* _Activity_
In the records below, find the line with "cause we are one" and the line with "disciplina, empenho, respeito". Print both exactly, along with every line between them, and no other line.

### Exercise data

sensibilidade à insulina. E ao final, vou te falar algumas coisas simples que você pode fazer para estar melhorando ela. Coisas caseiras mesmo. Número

######
### Exercise data

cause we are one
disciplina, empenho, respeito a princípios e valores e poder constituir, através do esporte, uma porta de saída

######

* _Reply to the exercise_
cause we are one
disciplina, empenho, respeito a princípios e valores e poder constituir, através do esporte, uma porta de saída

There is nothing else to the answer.